> [Dataset excerpts]:
-- Opening Marker --

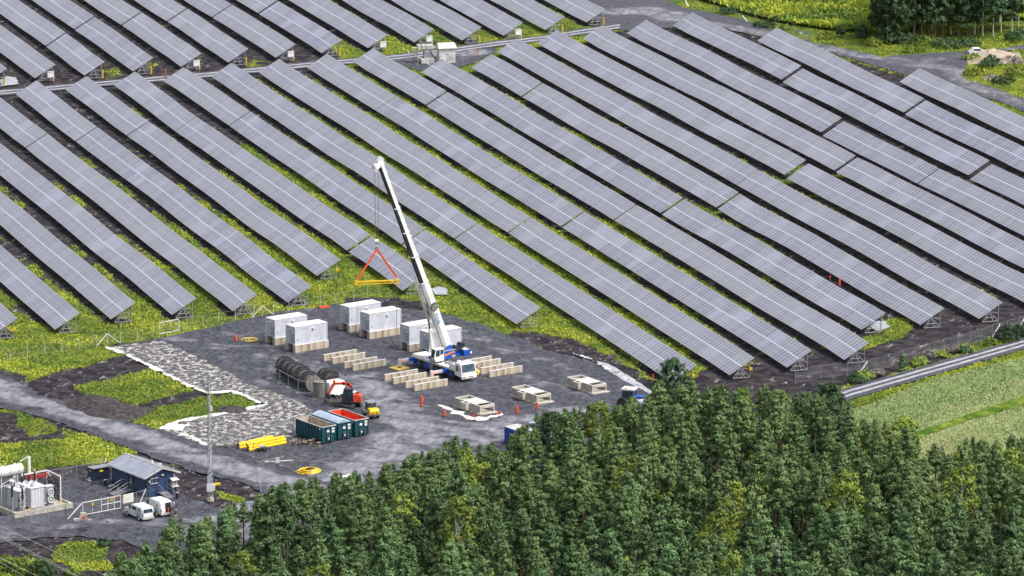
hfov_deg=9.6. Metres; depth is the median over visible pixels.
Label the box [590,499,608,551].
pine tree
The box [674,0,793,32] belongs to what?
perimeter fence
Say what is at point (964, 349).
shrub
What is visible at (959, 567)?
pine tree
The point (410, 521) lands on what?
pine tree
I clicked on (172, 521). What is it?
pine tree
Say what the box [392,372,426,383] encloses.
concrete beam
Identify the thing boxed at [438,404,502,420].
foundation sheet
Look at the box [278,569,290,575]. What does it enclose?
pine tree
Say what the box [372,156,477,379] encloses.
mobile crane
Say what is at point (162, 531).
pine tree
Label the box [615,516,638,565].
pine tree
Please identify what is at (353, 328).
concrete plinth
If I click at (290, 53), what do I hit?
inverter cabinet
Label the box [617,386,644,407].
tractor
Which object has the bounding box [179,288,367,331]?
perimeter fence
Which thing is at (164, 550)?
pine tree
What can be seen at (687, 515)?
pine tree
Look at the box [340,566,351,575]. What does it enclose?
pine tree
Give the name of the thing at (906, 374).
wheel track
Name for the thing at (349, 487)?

-- Closing Marker --
-- Opening Marker --

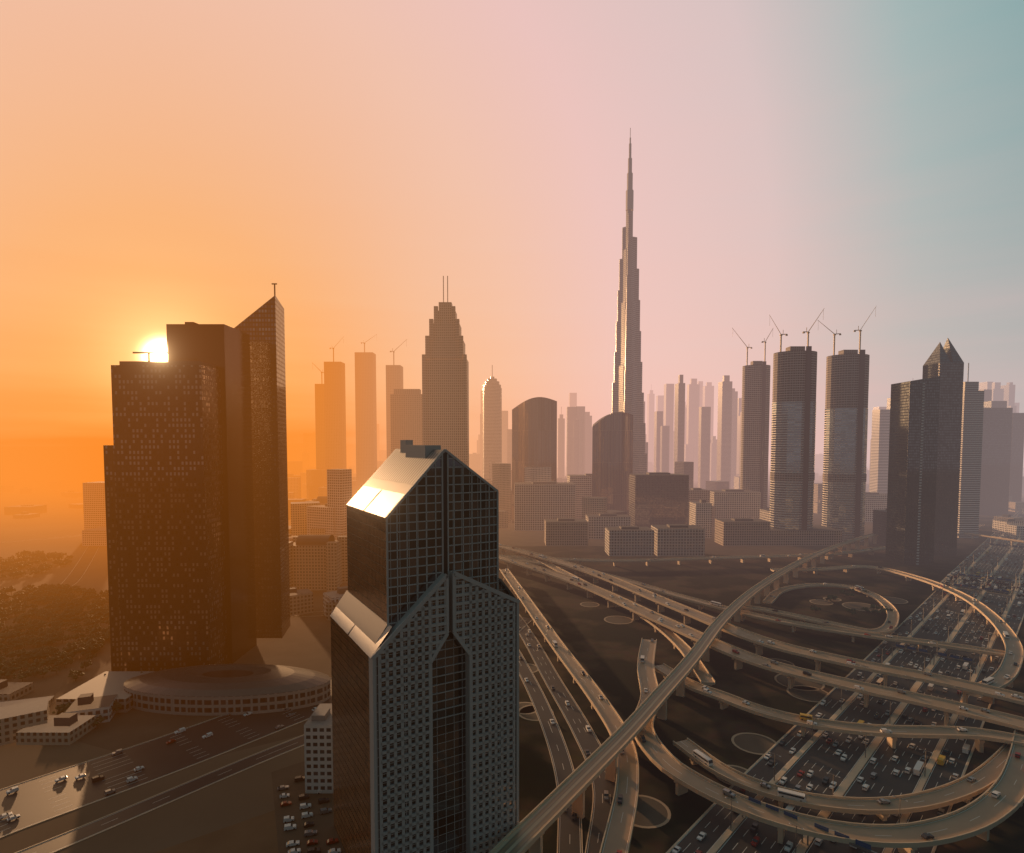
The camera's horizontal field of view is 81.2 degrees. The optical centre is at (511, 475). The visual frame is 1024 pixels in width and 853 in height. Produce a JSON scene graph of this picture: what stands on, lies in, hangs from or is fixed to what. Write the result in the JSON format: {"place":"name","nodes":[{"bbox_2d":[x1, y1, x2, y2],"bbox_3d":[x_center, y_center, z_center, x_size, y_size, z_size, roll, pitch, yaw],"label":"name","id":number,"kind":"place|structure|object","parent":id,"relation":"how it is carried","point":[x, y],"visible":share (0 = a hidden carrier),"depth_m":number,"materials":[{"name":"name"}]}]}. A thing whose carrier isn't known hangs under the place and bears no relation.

-- Closing Marker --

> [Work instruction]:
From the entries above, restate word for word the lines from the line containing "Look at the box [278,569,290,575]." to the line containing "Name for the thing at (349, 487)?", both ends included, and nothing more.

> [Task result]:
Look at the box [278,569,290,575]. What does it enclose?
pine tree
Say what the box [372,156,477,379] encloses.
mobile crane
Say what is at point (162, 531).
pine tree
Label the box [615,516,638,565].
pine tree
Please identify what is at (353, 328).
concrete plinth
If I click at (290, 53), what do I hit?
inverter cabinet
Label the box [617,386,644,407].
tractor
Which object has the bounding box [179,288,367,331]?
perimeter fence
Which thing is at (164, 550)?
pine tree
What can be seen at (687, 515)?
pine tree
Look at the box [340,566,351,575]. What does it enclose?
pine tree
Give the name of the thing at (906, 374).
wheel track
Name for the thing at (349, 487)?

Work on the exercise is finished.